SN65LVDS104 SN65LVDS105 slls396_multidrop_topology.gif Figure 41. Multidrop Topology

10.3.1 Design Requirements

For this design example, use the parameters listed in Table 4

Table 4. Design Parameters

DESIGN PARAMETERS EXAMPLE VALUE
Driver supply voltage (VCCD ) 3 to 3.6 V
Driver input voltage 0.8 to VCCD V
Driver signaling rate DC to 400 Mbps
Interconnect characteristic impedance 100 Ω
Termination resistance 100 Ω
Number of receiver nodes 2 to 32
Receiver supply voltage (VCCR) 3 to 3.6 V
Receiver input voltage 0 to VCCR – 0.8 V
Receiver signaling rate DC to 400 Mbps
Ground shift between driver and receiver ±1 V

10.3.2 Detailed Design Procedure

10.3.2.1 Interconnecting Media

The interconnect in a multidrop system differs considerably from a point-to-point system. While point-to-point interconnects are straightforward, and well understood, the bus type architecture encountered with multidrop systems requires more careful attention. We will use Figure 41 to explore these details.

The most basic multidrop system would include a single driver, located at a bus origin, with multiple receiver nodes branching off the main line, and a final receiver at the end of the transmission line, co-located with a bus termination resistor. While this would be the most basic multidrop system, it has several considerations not yet explored.

The location of the transmitter at one bus end allows the design concerns to be simplified, but this comes at the cost of flexibility. With a transmitter located at the origin, a single bus termination at the far-end is required. The far-end termination absorbs the incident traveling wave. The flexibility lost with this arrangement is thus: if the single transmitter needed to be relocated on the bus, at any location other than the origin, we would be faced with a bus with one open-circuited end, and one properly terminated end. Locating the transmitter say in the middle of the bus may be desired to reduce (by ½) the maximum flight time from the transmitter to receiver.

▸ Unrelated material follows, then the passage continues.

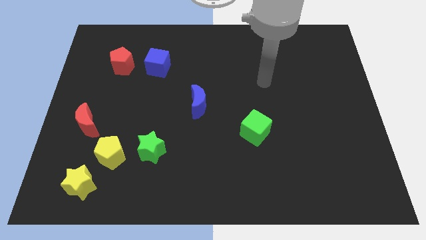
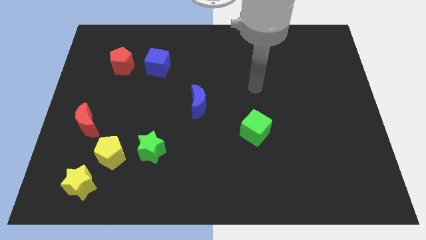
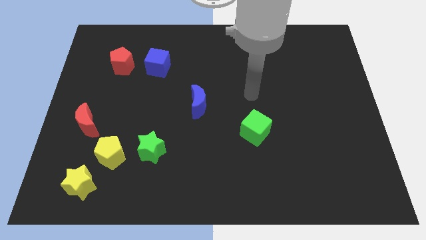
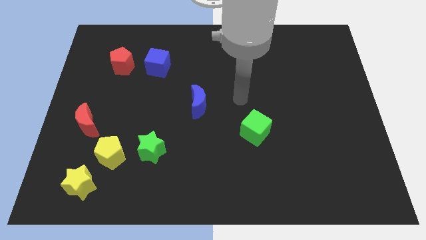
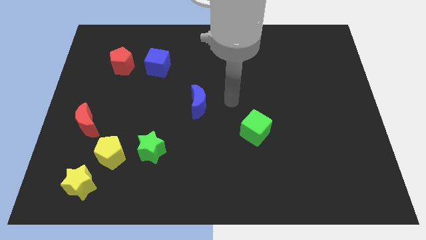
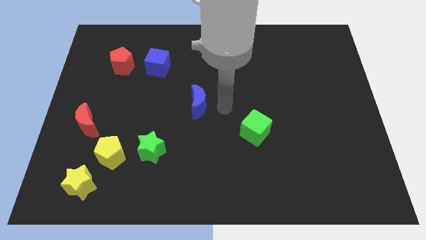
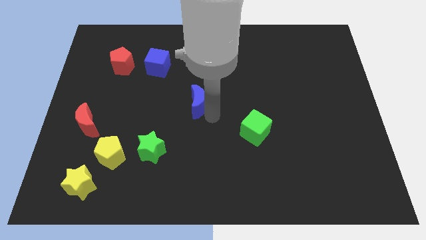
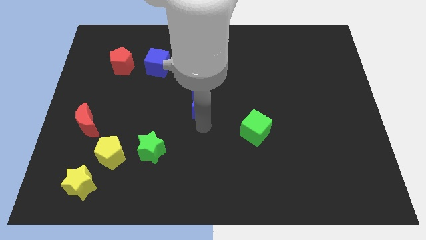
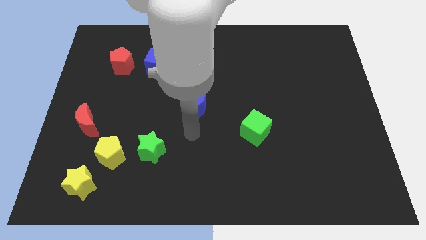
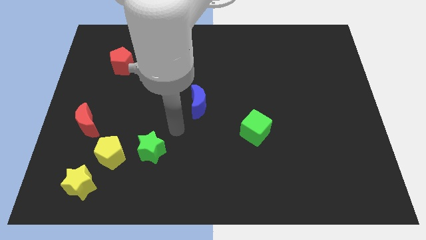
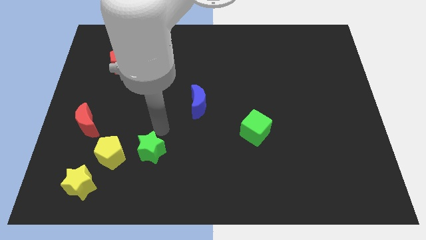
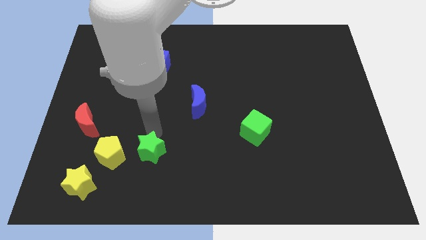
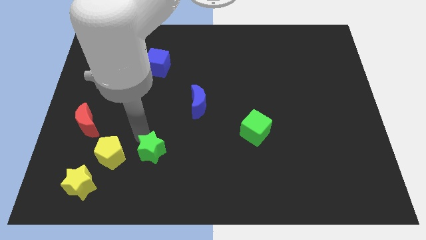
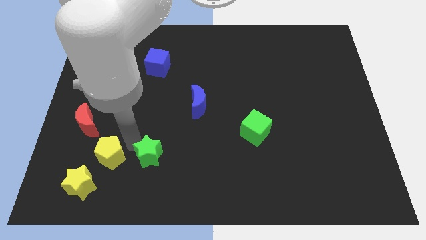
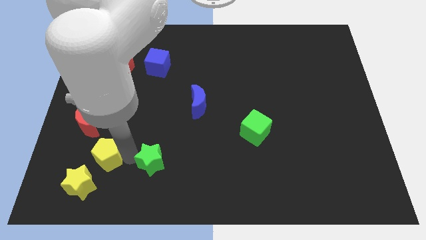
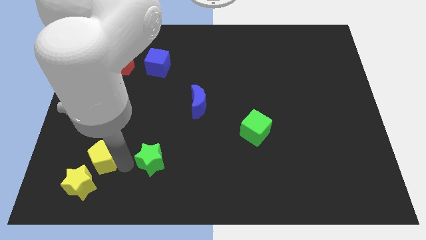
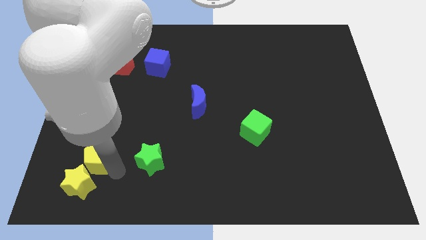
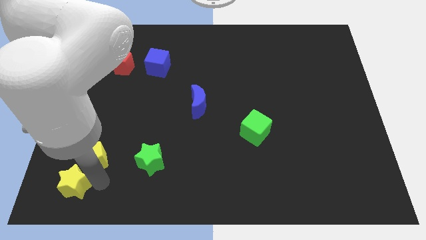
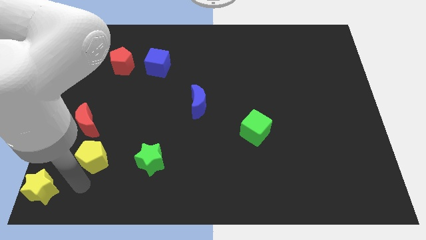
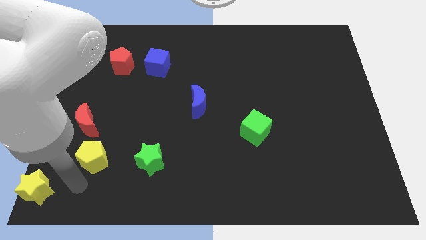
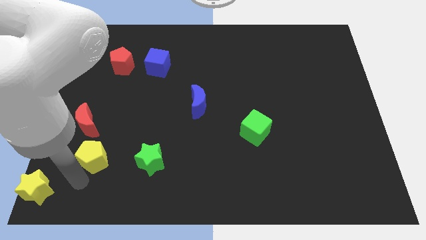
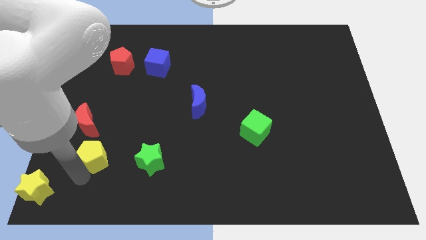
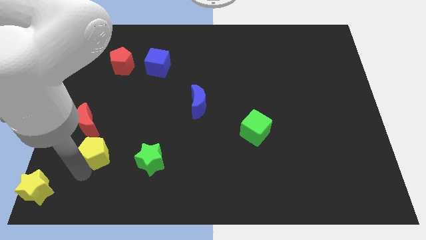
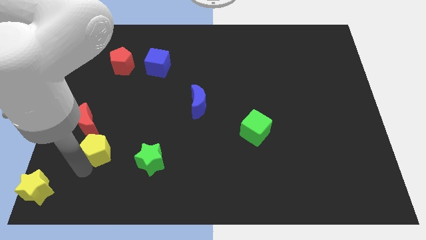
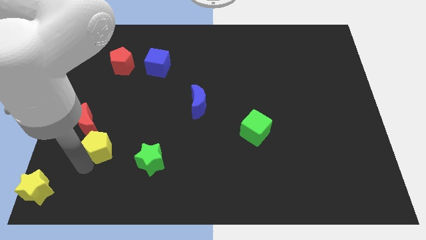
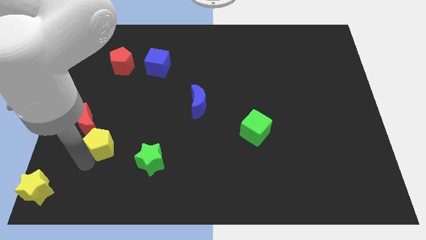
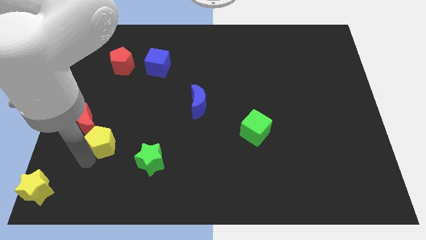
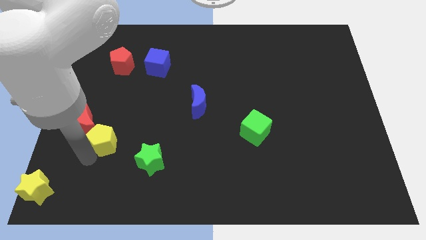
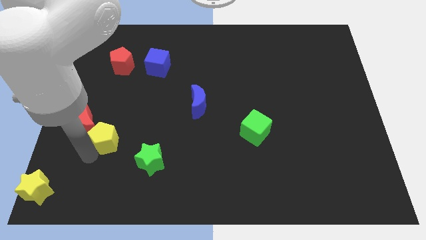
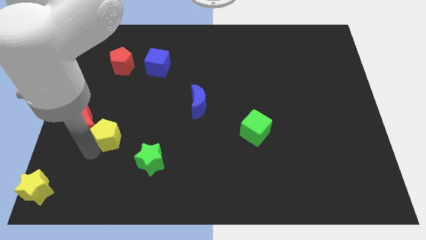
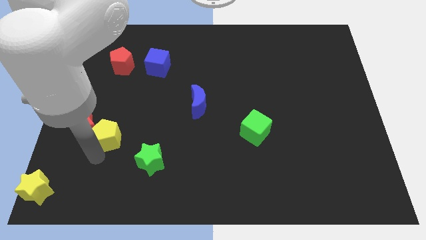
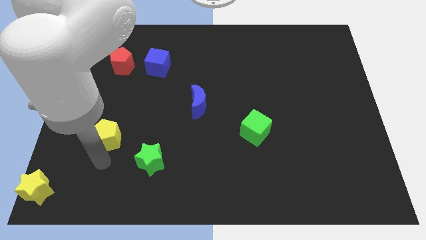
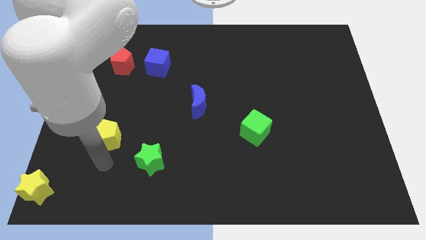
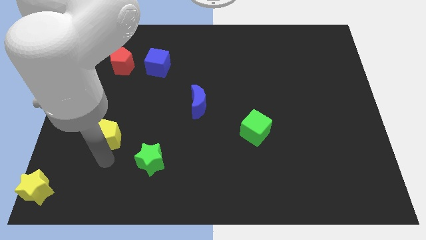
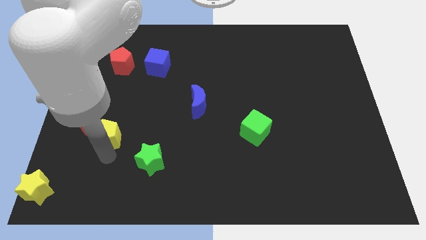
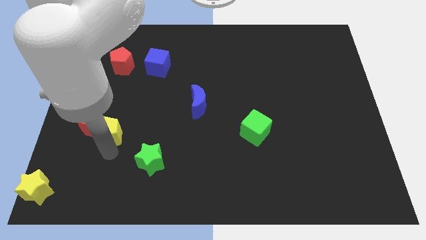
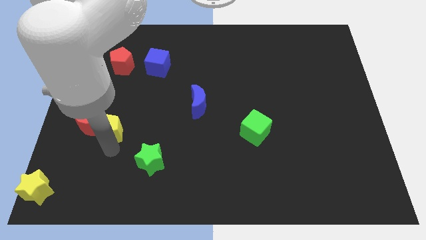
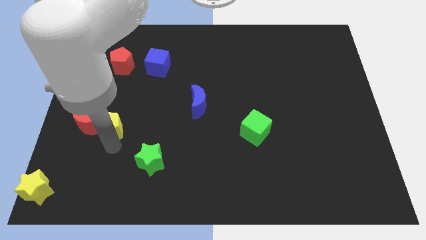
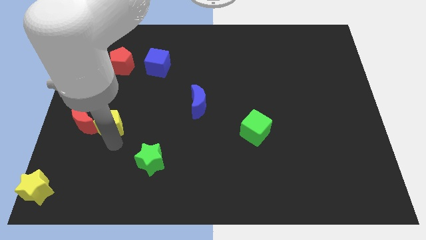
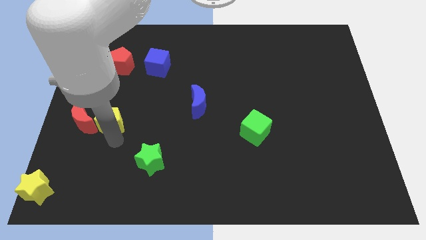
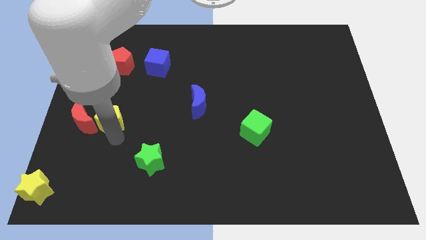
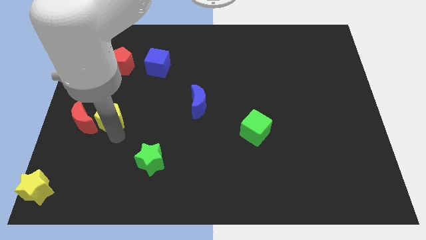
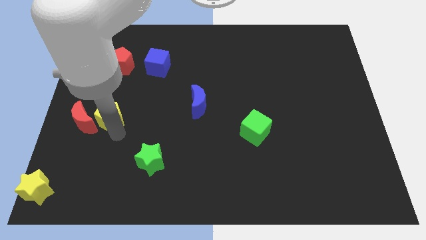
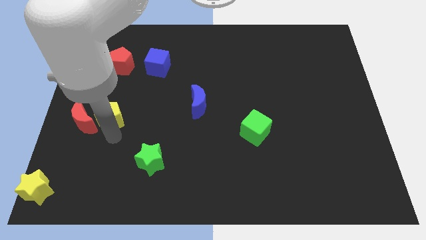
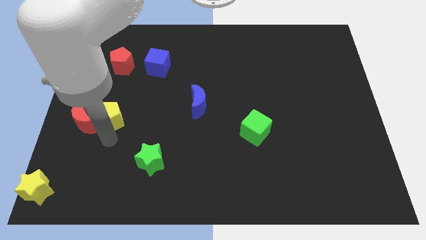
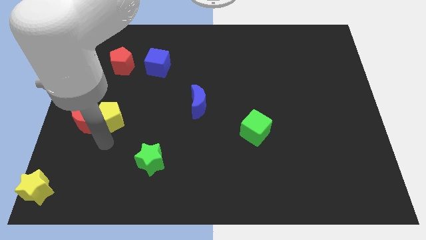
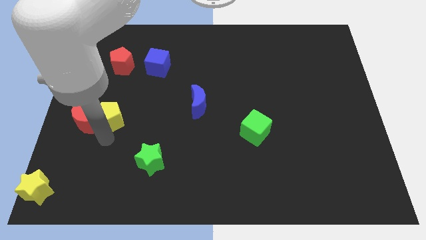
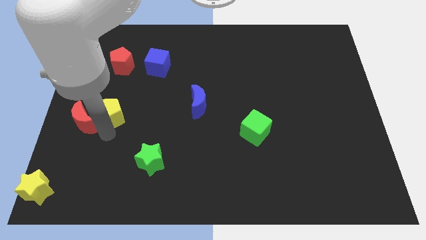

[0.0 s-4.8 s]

Another new feature in Figure 41 is clear in that every node branching off the main line results in stubs. The stubs must be minimized in any case, but have the unintended effect of locally changing the loaded impedance of the bus.

To a good approximation, the characteristic transmission line impedance of an unloaded multipoint or multidrop bus is defined by √L/C, where L is the inductance per unit length and C is the capacitance per unit length. As capacitance is added to the bus in the form of devices and interconnections, the bus characteristic impedance is lowered. This may result in signal reflections from the impedance mismatch between the unloaded and loaded segments of the bus.

If the number of loads is constant and can be distributed evenly along the line, reflections can be reduced by changing the bus termination resistors to match the loaded characteristic impedance. Normally, the number of loads are not constant or distributed evenly and the reflections resulting from any mismatching must be accounted for in the noise budget.